Describing binary bitload fields¶
Each bitload is a sequence of simple python values (numbers, bytestrings, booleans) in binary format. The slots in which each of the values fit are caled ‘fields’. Each field is associated with a name, data type, and, in most cases, length of the field in bits.
Let’s take a look at a simple example:
>>> message_format = (
... ('id', 'hex', 128),
... ('count', 'int', 4)
... )
This example defines two fields, ‘id’, and ‘count’. The ‘id’ field is a hex field and it’s 128 bits long. The other field is 4 bits long and its data type is an integer.
The following data types are supported:
- ‘str’: string
- ‘bytes’: raw bytestring
- ‘int’: unsigned integer number
- ‘hex’: hexadecimal representation of a number in string format
- ‘bool’: boolean value
- ‘pad’: padding bits
Here are some more examples:
>>> another_message = (
... ('done', 'bool'),
... (None, 'pad', 2)
... ('note', 'str', 256),
... )
Note
The ‘bool’ data type does not need a length, since it is always 1 bit.
Note
The name of a field with ‘pad’ data type is ignored. By convention, we use
None
so it stands out, but you can use names like '*** PADDING ***'
for a more dramatic effect.
The order in which the fields are added to bitloads is the order in which they appear in the tuple/iterable.
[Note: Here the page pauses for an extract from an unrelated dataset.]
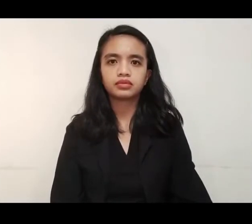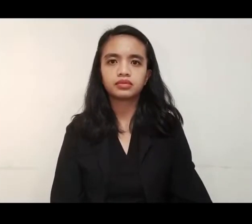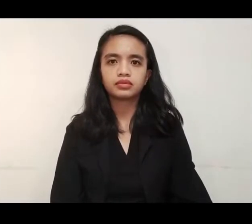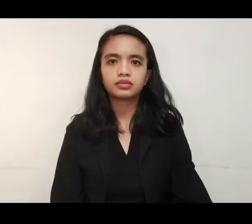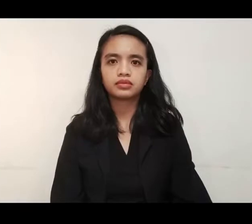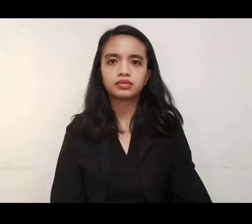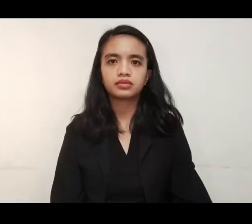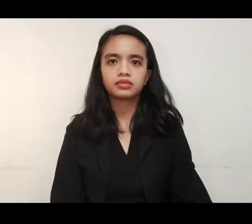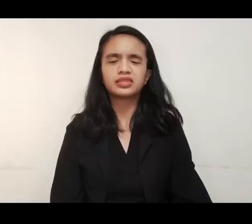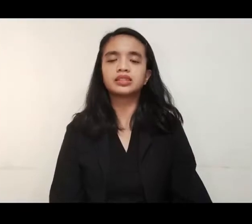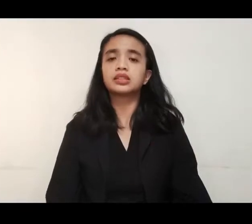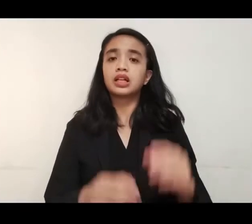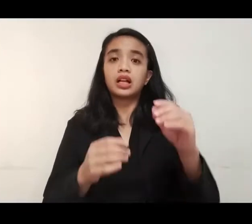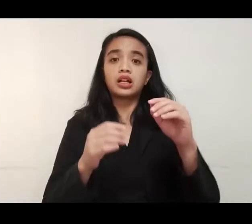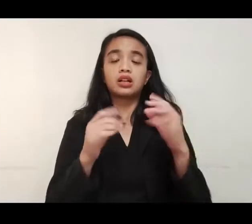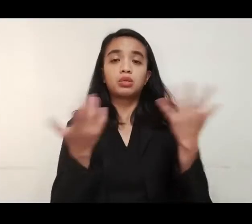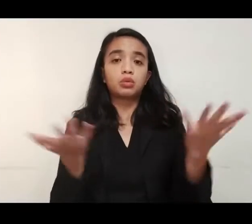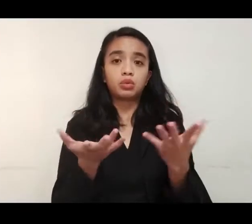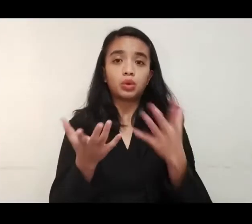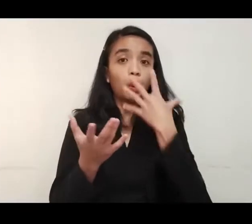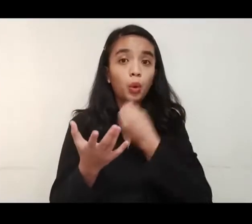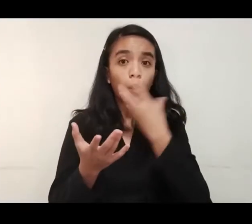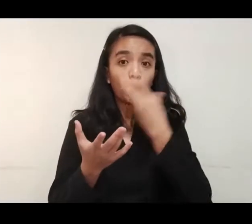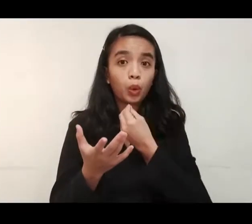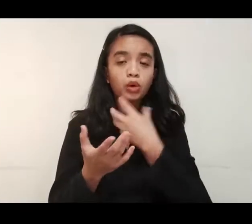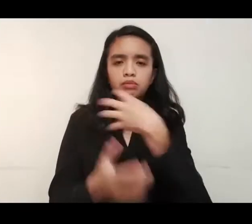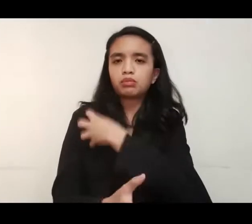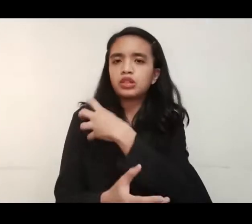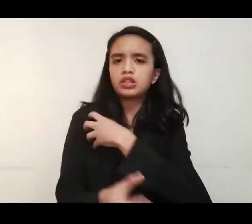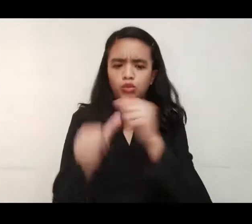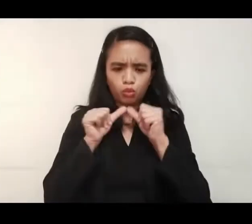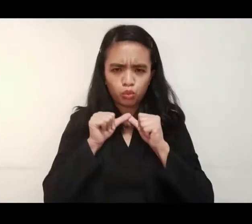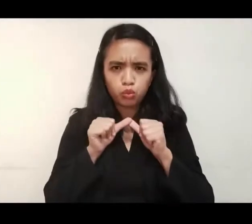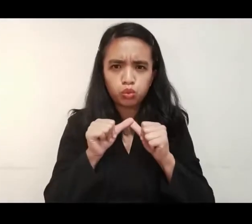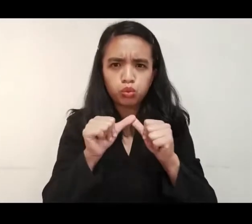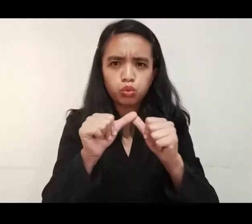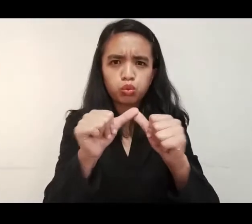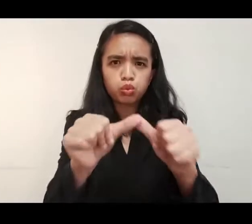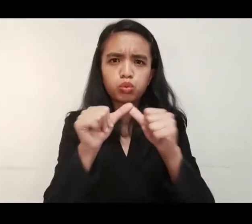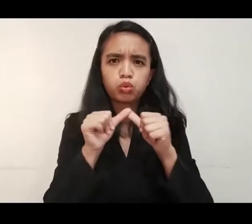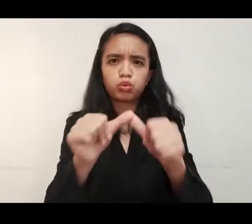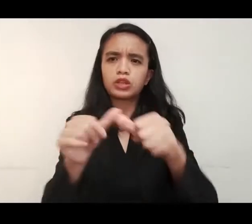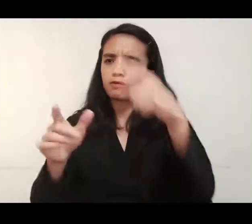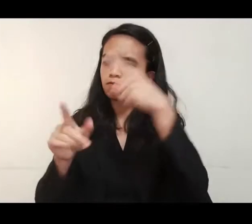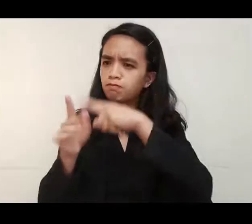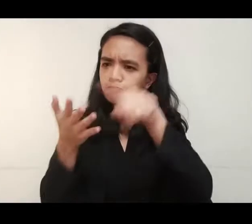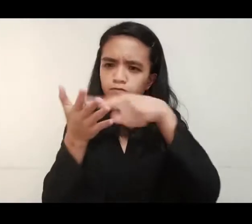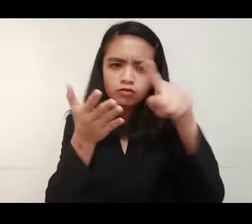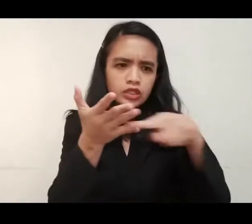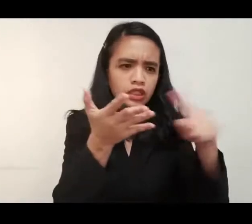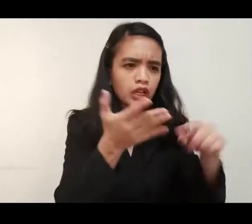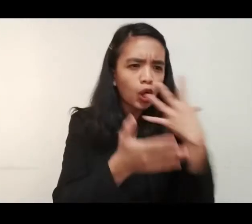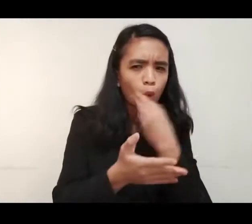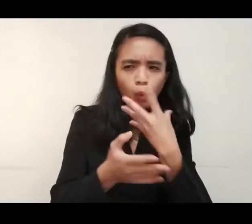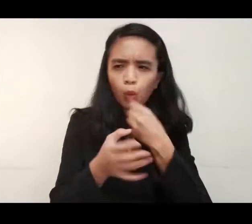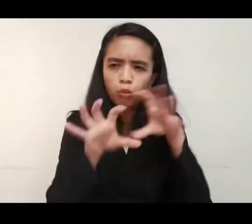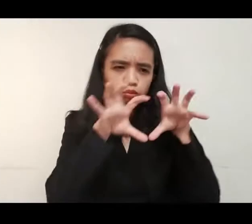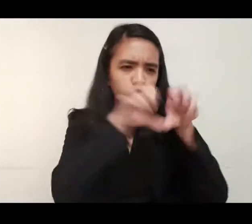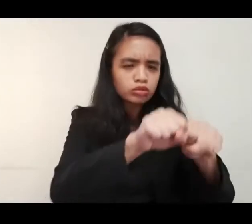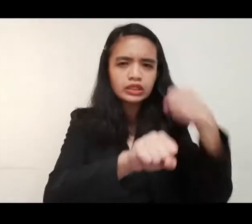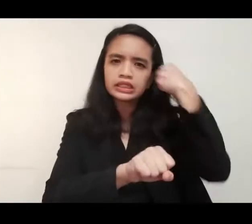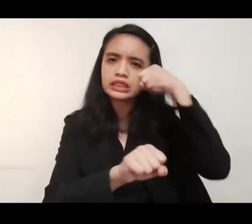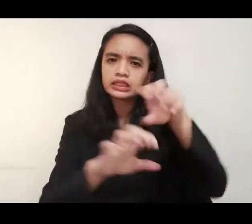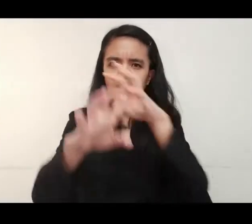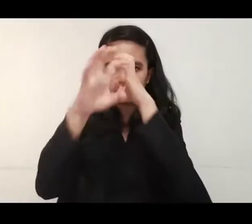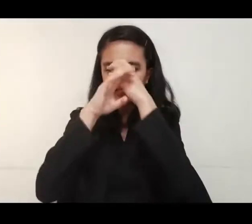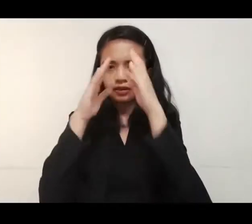Walang tigil sa pag-iikot sa sentro ng kalakalan sa Mangaldan, Pangasinan, ang polisya para manghuli ng mga lumalabag
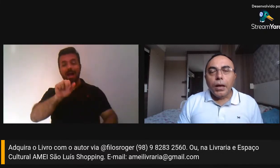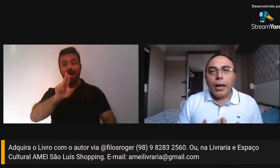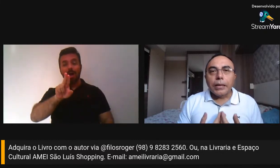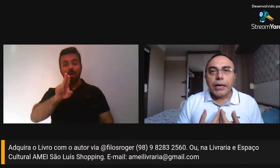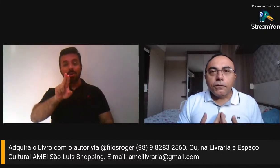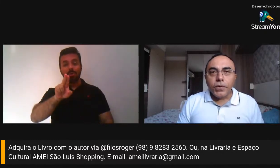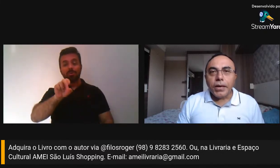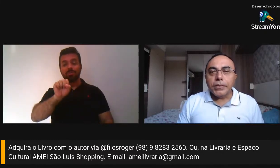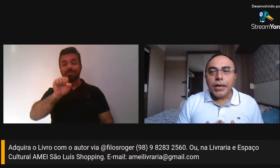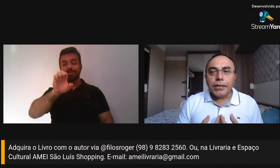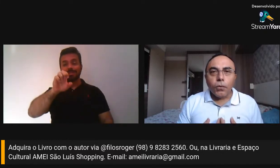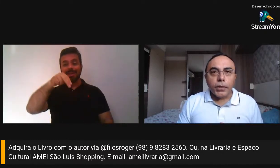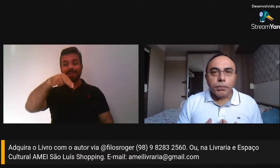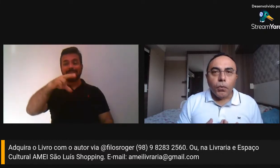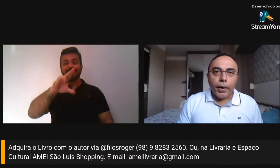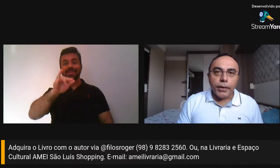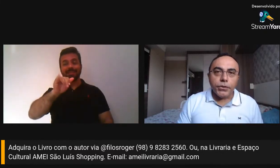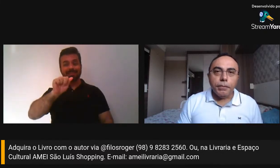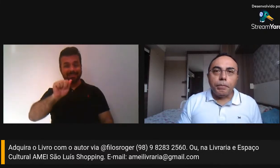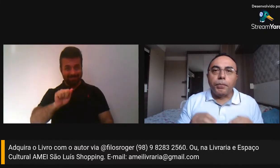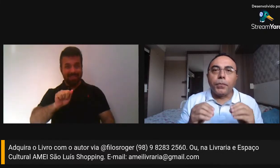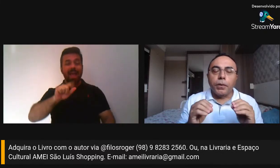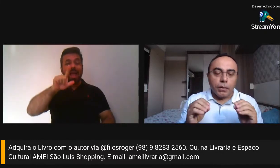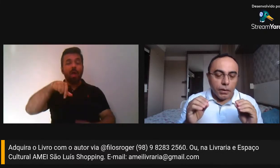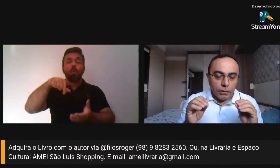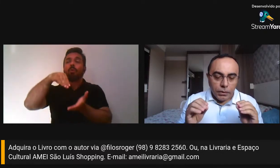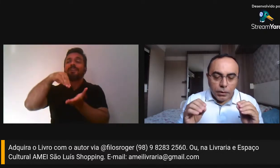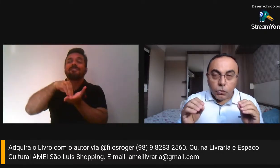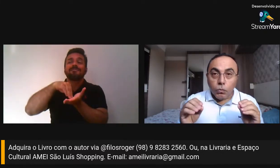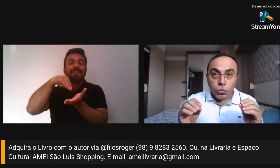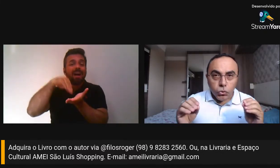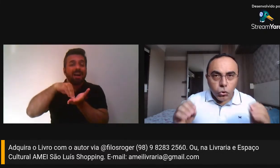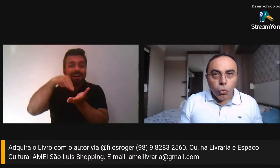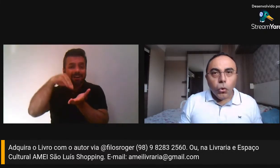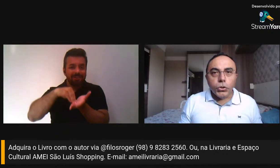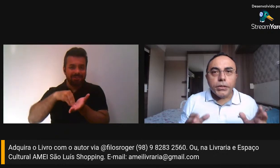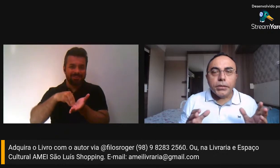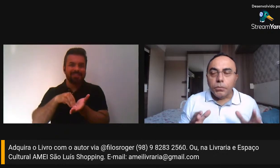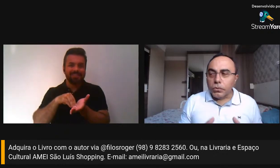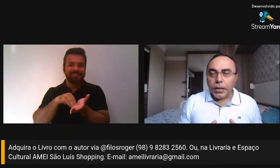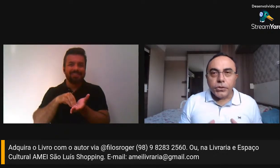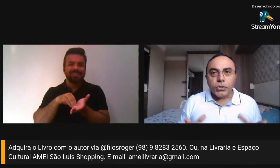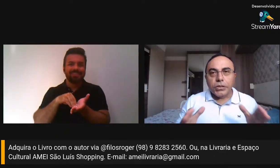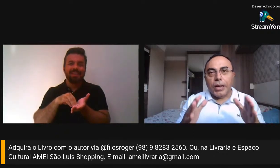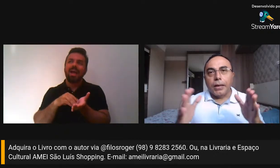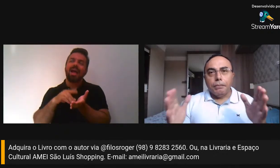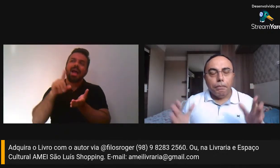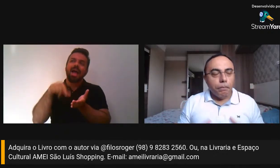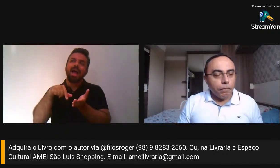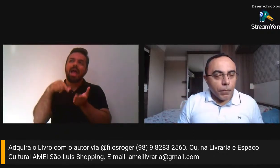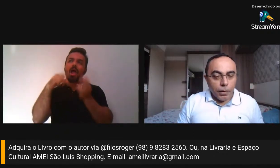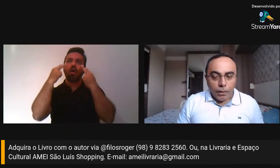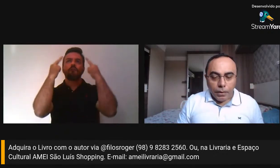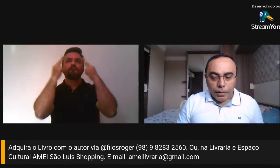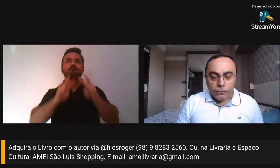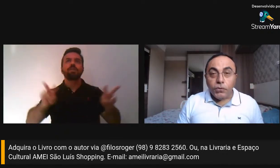mundo através da linguagem poética, o mundo de hoje, esse mundo que a gente está

It is important to understand the limits of your data. There are no checks to make sure the source data will fit the bitload field, so you may get unexpected results if you are no careful (e.g., inserting a 10-bit integer into a 4-bit field will yield the wrong value after deserialization).
About the built-in types¶
The built-in types have conversion functions in the utils
module. The functions use names that follow the '{type}_to_bita'
and
'bita_to_{type}'
‘ format. The following table gives an overview of possible
input (serializable) and output (deserialized) values:
type | inputs | outputs |
---|---|---|
str | bytes , str /unicode |
str /unicode |
bytes | bytes |
bytes |
int | int (unsigned long long) |
int (unsigned long long) |
hex | bytes , str /unicode
(hex number as a string) |
bytes
(hex number as a string) |
bool | any value
(coerced using bool() ) |
bool |
pad | n/a | n/a |
Note
All unicode strings are stored as UTF-8.
Dealing with other types of data¶
In order to deal with values that aren’t directly supported by one of the standard types, there are two possible strategies we can employ.
One strategy is to adapt the python values. For example,
datetime
objects can be represented as unsigned integers.
Floats can also be represented as a product of an integer and negative power of
10, and we can therefore store only the integer and restore the float by
multiplying with the same negative power of 10 after deserializing it. Signed
integers can be represented by scaling them such as 0 represents the smallest
negative value.
Another strategy is to use a custom type. This data type allows one to add completely new types with relative ease. The tuple for this data type looks like this:
>>> ('myfield', 'user', 24, serializer, deserializer)
Note
The use of 'user'
type name is just an example. Any type that is not
one of the types listed in this section can be used (i.e., any type other
than ‘str’, ‘bytes’, ‘int’, ‘hex’, ‘bool’, and ‘pad’).
Two additional elements are the serializer
and deserializer
functions.
The serializer
function takes a python value, and is expected to return a
bitarray
instance. The length of the output is not
important as it will be adjusted to the correct length during serialization by
padding with 0 or trimming off surplus bits. Keep in mind, though, that surplus
bits are going to be trimmed off, which may not be what you want.
The deserializer
function takes a bitarray
instance,
and is expected to return a python value. There are no restrictions on the
return value.
Note
The bitarray documentation can be found on GitHub.